La situation est critique. Mes mots sont acides. Mon esprit est pollué par la haine et la vengeance d’un cœur plein d’amour meurtri et blessé.
Je suis fragile… Je suis à terre… J’ai besoin de toi FC Metz, alors s’il te plaît, bouge ton cul de là et assure nous au moins une sortie brillante. La voilà où je la place… ma foutue dernière ambition…

Au revoir.

LeGrasAuLLy

LeGrasAuLLy

8 Comments

    • J’avoue, vos largesse défensives étaient le bienvenue contre notre petite équipe si timide devant. Mais devant tant de politesse, nos attaquants n’ont pas osé tirer ailleurs que sur Maignan.

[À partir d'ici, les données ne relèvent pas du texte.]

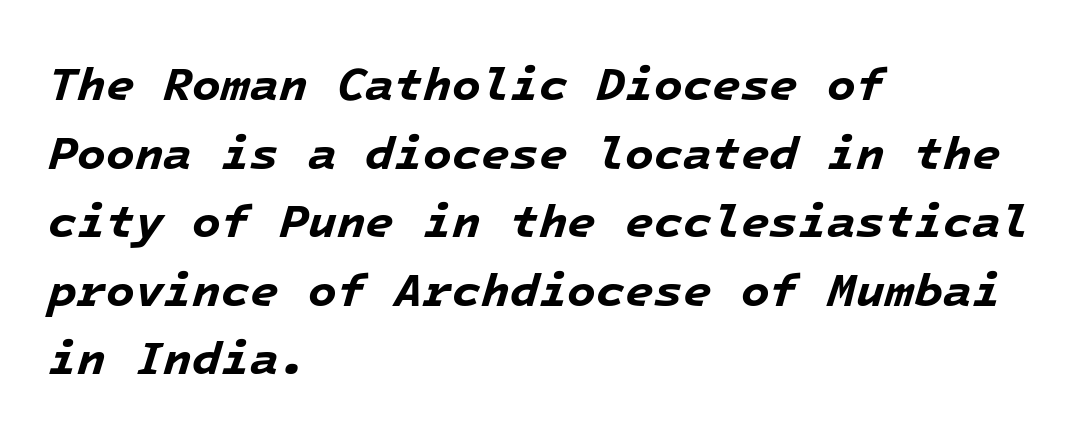
{"italic": "yes", "lean": "right", "slant_degrees": 16, "bold": "yes", "weight": "bold", "width": "normal", "stroke_contrast": "low", "x_height": "medium", "monospaced": "yes", "underline": "no", "align": "left", "line_spacing": "normal", "line_spacing_ratio": 1.46, "letter_spacing": "normal", "letter_spacing_em": 0.0, "glyph_px": 47}

  1. J’ai hâte de lire les académies croisées de Nancy-Metz l’an prochain. Dépression vs mélancolie, bile vs amertume, haine de l’humanité vs dégoût de soi… on aura droit au meilleur de la Lorraine.

  2. FC Metz – Dijon FCO ??? Cher Legrasaully le désespoir vous égare …

    • Mes erreurs sont effectivement à mettre sur le compte de mon coma affectif à l’égard de mon équipe de coeur… Et je ne pense pas que cela puisse s’arranger.